Hong Kong has seen on average about 65 tons in gross imports of gold per month. Year-to-date China has imported an astounding 582 tons of gold, more than the official holdings of another country well known for loving gold, India.

It is not shocking that the Chinese central bank is trying to get its hands on large amounts of the precious metal.

As David Gornall, chairman of the LBMA, told the conference "The country [China] has only 2 percent of its reserves in the form of gold." He added "that allocation can only go in one direction."

LBMA Gold Forecast Despite the bullishness on Chinese gold demand, the participants of the LBMA conference were rather reserved about next year's outlook for gold.

Much of the caution had to do with worries about India's economy. India, prior to 2012, was the world's largest consumer of gold and is now neck-and-neck with China as far as demand goes.

By the time of the next conference in September 2013, participants predict that gold will be trading at $1,843 an ounce. The prior LBMA forecast, before the conference began, was for gold to be trading at $1,914 an ounce.

The delegates seemed to be more cautious this year after last year's optimism. A forecast of gold at $2,019 an ounce did not pan out.

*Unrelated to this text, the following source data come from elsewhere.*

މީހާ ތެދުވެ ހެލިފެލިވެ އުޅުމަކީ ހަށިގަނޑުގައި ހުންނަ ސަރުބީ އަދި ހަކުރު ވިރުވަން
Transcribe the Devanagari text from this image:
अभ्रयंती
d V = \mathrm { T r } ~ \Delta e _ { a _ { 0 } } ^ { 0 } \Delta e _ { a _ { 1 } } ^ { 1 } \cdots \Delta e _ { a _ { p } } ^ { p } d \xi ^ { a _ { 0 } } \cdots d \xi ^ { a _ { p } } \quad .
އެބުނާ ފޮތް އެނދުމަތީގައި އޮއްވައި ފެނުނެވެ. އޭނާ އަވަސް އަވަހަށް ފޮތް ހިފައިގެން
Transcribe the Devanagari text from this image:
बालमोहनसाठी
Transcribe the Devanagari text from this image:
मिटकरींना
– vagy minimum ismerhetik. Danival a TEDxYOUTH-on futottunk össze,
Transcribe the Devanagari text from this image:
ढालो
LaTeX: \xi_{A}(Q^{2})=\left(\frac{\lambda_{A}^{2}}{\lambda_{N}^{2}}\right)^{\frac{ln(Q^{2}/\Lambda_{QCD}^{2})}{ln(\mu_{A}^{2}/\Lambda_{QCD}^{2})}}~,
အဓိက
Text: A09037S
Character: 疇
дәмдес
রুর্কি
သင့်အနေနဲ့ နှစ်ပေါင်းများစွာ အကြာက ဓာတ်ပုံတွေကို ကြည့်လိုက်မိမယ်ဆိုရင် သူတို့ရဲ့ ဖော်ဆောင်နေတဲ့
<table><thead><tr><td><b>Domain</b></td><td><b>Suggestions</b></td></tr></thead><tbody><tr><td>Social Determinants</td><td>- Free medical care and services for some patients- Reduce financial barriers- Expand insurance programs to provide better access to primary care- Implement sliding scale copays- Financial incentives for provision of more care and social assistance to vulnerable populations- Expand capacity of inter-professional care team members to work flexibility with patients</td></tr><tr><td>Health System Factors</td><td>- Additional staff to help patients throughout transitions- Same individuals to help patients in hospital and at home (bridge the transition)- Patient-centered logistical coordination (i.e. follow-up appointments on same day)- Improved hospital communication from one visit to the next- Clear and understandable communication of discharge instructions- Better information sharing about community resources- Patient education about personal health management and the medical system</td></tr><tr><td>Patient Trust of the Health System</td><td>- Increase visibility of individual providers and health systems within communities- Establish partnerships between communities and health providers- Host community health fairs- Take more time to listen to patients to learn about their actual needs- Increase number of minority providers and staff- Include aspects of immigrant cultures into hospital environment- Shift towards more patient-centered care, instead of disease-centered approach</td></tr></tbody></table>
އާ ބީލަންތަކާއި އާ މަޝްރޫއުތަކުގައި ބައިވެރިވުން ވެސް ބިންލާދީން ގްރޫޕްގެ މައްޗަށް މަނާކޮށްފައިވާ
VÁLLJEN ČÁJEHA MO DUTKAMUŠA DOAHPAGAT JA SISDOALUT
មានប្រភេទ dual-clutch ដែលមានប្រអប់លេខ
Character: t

In 2012, gold has spent most of the year trading in the $1,530 to $1,800 range.

China and Gold: Just Beginning Despite being in Hong Kong, the attendees may have underestimated the demand for gold that will be coming out of China in the years ahead.

Zheng Zhiguang, general manager of precious metals of Chinese bank ICBC, told the Financial Times the gold market in his country is "only just beginning". He believes China's gold market could be "entering a period of more sustained and steady growth, thanks to rising incomes and improved investment access to gold.

This is a key point that those investing in gold need to keep in mind. . .improved investment access by the average Chinese citizen to gold.

Marcus Grubb, managing director for investment at the WGC, expects investment demand for gold in China to be boosted by the launch of the first gold exchange traded fund (ETF) in 2013. He told the FT, "There are investors not able to access the gold market as liquidly as they would like and the ETF obviously opens up a lot of avenues there."

If the gold ETF catches on with Chinese investors, it may one day be as large as the biggest gold ETF in the United States - the SPDR Gold Trust (NYSEArca: GLD). The world's biggest bullion-backed ETF currently holds in excess of 43 million ounces of gold.

Add that ETF demand to the buildup in gold reserves by the Chinese central bank and the forecast by Money Morning's Global Resources Specialist Peter Krauth of $2,200 per ounce in 2013 will seem almost as conservative as the one by the LBMA.